Give back the listing underneath, unchanged and complete.

____________

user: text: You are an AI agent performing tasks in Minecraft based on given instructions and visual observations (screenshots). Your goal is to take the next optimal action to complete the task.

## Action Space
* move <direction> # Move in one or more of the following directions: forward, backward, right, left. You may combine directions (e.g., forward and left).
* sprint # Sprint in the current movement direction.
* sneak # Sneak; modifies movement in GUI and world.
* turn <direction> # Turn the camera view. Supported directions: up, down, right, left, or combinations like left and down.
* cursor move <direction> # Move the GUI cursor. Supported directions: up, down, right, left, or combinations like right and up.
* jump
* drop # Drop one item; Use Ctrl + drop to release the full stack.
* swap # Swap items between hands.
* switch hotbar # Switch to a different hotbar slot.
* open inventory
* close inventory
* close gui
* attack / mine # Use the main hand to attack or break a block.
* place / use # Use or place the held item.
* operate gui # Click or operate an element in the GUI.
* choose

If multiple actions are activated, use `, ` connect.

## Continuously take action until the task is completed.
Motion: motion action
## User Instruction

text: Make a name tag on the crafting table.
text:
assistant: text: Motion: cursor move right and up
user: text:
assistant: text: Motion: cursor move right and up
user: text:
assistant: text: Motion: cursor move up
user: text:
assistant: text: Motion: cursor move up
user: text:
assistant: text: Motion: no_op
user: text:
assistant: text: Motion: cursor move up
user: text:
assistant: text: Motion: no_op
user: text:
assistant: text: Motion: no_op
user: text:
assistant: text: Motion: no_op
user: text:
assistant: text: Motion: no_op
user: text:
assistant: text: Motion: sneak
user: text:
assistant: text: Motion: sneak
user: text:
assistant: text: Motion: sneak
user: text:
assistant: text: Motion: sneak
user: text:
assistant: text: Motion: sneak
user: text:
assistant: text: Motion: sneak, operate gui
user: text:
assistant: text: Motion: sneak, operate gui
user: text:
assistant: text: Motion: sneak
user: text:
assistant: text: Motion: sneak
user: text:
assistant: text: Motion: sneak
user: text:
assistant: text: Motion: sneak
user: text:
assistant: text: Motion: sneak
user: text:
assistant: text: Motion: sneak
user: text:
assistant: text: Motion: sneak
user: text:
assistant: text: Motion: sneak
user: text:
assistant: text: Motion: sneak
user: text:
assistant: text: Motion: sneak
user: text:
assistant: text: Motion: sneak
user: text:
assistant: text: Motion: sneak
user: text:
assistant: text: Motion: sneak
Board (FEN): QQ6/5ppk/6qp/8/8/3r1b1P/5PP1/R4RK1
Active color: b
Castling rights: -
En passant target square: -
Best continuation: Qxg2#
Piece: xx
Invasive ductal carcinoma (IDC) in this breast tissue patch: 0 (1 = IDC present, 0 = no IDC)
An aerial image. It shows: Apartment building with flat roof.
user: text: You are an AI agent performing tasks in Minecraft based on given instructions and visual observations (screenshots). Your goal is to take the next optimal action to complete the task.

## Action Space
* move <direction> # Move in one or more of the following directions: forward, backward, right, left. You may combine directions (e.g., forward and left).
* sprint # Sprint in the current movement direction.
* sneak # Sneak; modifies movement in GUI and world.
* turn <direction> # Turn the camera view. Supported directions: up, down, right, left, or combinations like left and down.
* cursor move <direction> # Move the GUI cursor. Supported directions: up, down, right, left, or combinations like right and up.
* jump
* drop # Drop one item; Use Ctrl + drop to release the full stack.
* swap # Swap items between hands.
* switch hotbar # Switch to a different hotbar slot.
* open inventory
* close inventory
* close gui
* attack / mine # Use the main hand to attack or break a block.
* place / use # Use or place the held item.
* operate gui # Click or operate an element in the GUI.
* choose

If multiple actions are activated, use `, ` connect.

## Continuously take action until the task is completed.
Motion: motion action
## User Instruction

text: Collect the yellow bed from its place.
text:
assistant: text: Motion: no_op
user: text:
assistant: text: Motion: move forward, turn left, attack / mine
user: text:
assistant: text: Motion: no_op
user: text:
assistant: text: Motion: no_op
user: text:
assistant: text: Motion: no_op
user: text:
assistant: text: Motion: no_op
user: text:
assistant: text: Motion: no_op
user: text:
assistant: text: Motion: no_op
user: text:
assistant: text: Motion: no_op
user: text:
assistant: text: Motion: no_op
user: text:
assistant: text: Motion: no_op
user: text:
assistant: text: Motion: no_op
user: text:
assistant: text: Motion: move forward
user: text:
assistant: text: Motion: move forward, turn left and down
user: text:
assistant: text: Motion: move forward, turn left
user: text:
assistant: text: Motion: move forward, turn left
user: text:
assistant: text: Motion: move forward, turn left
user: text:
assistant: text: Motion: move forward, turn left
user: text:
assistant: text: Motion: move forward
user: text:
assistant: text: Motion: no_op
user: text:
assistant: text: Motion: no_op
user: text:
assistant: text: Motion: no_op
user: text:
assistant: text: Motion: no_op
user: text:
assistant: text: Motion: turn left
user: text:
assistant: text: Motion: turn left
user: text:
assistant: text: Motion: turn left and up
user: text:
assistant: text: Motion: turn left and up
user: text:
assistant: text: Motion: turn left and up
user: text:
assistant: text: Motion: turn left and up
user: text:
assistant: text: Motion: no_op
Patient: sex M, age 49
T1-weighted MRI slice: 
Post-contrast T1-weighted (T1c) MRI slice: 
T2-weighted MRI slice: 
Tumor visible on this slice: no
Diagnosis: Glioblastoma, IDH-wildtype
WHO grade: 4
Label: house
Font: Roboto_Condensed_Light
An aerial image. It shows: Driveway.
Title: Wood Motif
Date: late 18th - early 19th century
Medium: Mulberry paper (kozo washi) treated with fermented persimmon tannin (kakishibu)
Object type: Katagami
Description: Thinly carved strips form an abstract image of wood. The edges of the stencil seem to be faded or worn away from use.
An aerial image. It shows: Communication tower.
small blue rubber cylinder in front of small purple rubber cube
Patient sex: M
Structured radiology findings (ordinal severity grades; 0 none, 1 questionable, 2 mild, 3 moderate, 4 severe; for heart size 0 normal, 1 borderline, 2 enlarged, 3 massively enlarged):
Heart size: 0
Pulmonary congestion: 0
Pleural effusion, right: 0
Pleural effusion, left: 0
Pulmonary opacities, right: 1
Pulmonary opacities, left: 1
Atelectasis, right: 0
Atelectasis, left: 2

____________

# Exercise answer
user: text: You are an AI agent performing tasks in Minecraft based on given instructions and visual observations (screenshots). Your goal is to take the next optimal action to complete the task.

## Action Space
* move <direction> # Move in one or more of the following directions: forward, backward, right, left. You may combine directions (e.g., forward and left).
* sprint # Sprint in the current movement direction.
* sneak # Sneak; modifies movement in GUI and world.
* turn <direction> # Turn the camera view. Supported directions: up, down, right, left, or combinations like left and down.
* cursor move <direction> # Move the GUI cursor. Supported directions: up, down, right, left, or combinations like right and up.
* jump
* drop # Drop one item; Use Ctrl + drop to release the full stack.
* swap # Swap items between hands.
* switch hotbar # Switch to a different hotbar slot.
* open inventory
* close inventory
* close gui
* attack / mine # Use the main hand to attack or break a block.
* place / use # Use or place the held item.
* operate gui # Click or operate an element in the GUI.
* choose

If multiple actions are activated, use `, ` connect.

## Continuously take action until the task is completed.
Motion: motion action
## User Instruction

text: Make a name tag on the crafting table.
text:
assistant: text: Motion: cursor move right and up
user: text:
assistant: text: Motion: cursor move right and up
user: text:
assistant: text: Motion: cursor move up
user: text:
assistant: text: Motion: cursor move up
user: text:
assistant: text: Motion: no_op
user: text:
assistant: text: Motion: cursor move up
user: text:
assistant: text: Motion: no_op
user: text:
assistant: text: Motion: no_op
user: text:
assistant: text: Motion: no_op
user: text:
assistant: text: Motion: no_op
user: text:
assistant: text: Motion: sneak
user: text:
assistant: text: Motion: sneak
user: text:
assistant: text: Motion: sneak
user: text:
assistant: text: Motion: sneak
user: text:
assistant: text: Motion: sneak
user: text:
assistant: text: Motion: sneak, operate gui
user: text:
assistant: text: Motion: sneak, operate gui
user: text:
assistant: text: Motion: sneak
user: text:
assistant: text: Motion: sneak
user: text:
assistant: text: Motion: sneak
user: text:
assistant: text: Motion: sneak
user: text:
assistant: text: Motion: sneak
user: text:
assistant: text: Motion: sneak
user: text:
assistant: text: Motion: sneak
user: text:
assistant: text: Motion: sneak
user: text:
assistant: text: Motion: sneak
user: text:
assistant: text: Motion: sneak
user: text:
assistant: text: Motion: sneak
user: text:
assistant: text: Motion: sneak
user: text:
assistant: text: Motion: sneak
Board (FEN): QQ6/5ppk/6qp/8/8/3r1b1P/5PP1/R4RK1
Active color: b
Castling rights: -
En passant target square: -
Best continuation: Qxg2#
Piece: xx
Invasive ductal carcinoma (IDC) in this breast tissue patch: 0 (1 = IDC present, 0 = no IDC)
An aerial image. It shows: Apartment building with flat roof.
user: text: You are an AI agent performing tasks in Minecraft based on given instructions and visual observations (screenshots). Your goal is to take the next optimal action to complete the task.

## Action Space
* move <direction> # Move in one or more of the following directions: forward, backward, right, left. You may combine directions (e.g., forward and left).
* sprint # Sprint in the current movement direction.
* sneak # Sneak; modifies movement in GUI and world.
* turn <direction> # Turn the camera view. Supported directions: up, down, right, left, or combinations like left and down.
* cursor move <direction> # Move the GUI cursor. Supported directions: up, down, right, left, or combinations like right and up.
* jump
* drop # Drop one item; Use Ctrl + drop to release the full stack.
* swap # Swap items between hands.
* switch hotbar # Switch to a different hotbar slot.
* open inventory
* close inventory
* close gui
* attack / mine # Use the main hand to attack or break a block.
* place / use # Use or place the held item.
* operate gui # Click or operate an element in the GUI.
* choose

If multiple actions are activated, use `, ` connect.

## Continuously take action until the task is completed.
Motion: motion action
## User Instruction

text: Collect the yellow bed from its place.
text:
assistant: text: Motion: no_op
user: text:
assistant: text: Motion: move forward, turn left, attack / mine
user: text:
assistant: text: Motion: no_op
user: text:
assistant: text: Motion: no_op
user: text:
assistant: text: Motion: no_op
user: text:
assistant: text: Motion: no_op
user: text:
assistant: text: Motion: no_op
user: text:
assistant: text: Motion: no_op
user: text:
assistant: text: Motion: no_op
user: text:
assistant: text: Motion: no_op
user: text:
assistant: text: Motion: no_op
user: text:
assistant: text: Motion: no_op
user: text:
assistant: text: Motion: move forward
user: text:
assistant: text: Motion: move forward, turn left and down
user: text:
assistant: text: Motion: move forward, turn left
user: text:
assistant: text: Motion: move forward, turn left
user: text:
assistant: text: Motion: move forward, turn left
user: text:
assistant: text: Motion: move forward, turn left
user: text:
assistant: text: Motion: move forward
user: text:
assistant: text: Motion: no_op
user: text:
assistant: text: Motion: no_op
user: text:
assistant: text: Motion: no_op
user: text:
assistant: text: Motion: no_op
user: text:
assistant: text: Motion: turn left
user: text:
assistant: text: Motion: turn left
user: text:
assistant: text: Motion: turn left and up
user: text:
assistant: text: Motion: turn left and up
user: text:
assistant: text: Motion: turn left and up
user: text:
assistant: text: Motion: turn left and up
user: text:
assistant: text: Motion: no_op
Patient: sex M, age 49
T1-weighted MRI slice: 
Post-contrast T1-weighted (T1c) MRI slice: 
T2-weighted MRI slice: 
Tumor visible on this slice: no
Diagnosis: Glioblastoma, IDH-wildtype
WHO grade: 4
Label: house
Font: Roboto_Condensed_Light
An aerial image. It shows: Driveway.
Title: Wood Motif
Date: late 18th - early 19th century
Medium: Mulberry paper (kozo washi) treated with fermented persimmon tannin (kakishibu)
Object type: Katagami
Description: Thinly carved strips form an abstract image of wood. The edges of the stencil seem to be faded or worn away from use.
An aerial image. It shows: Communication tower.
small blue rubber cylinder in front of small purple rubber cube
Patient sex: M
Structured radiology findings (ordinal severity grades; 0 none, 1 questionable, 2 mild, 3 moderate, 4 severe; for heart size 0 normal, 1 borderline, 2 enlarged, 3 massively enlarged):
Heart size: 0
Pulmonary congestion: 0
Pleural effusion, right: 0
Pleural effusion, left: 0
Pulmonary opacities, right: 1
Pulmonary opacities, left: 1
Atelectasis, right: 0
Atelectasis, left: 2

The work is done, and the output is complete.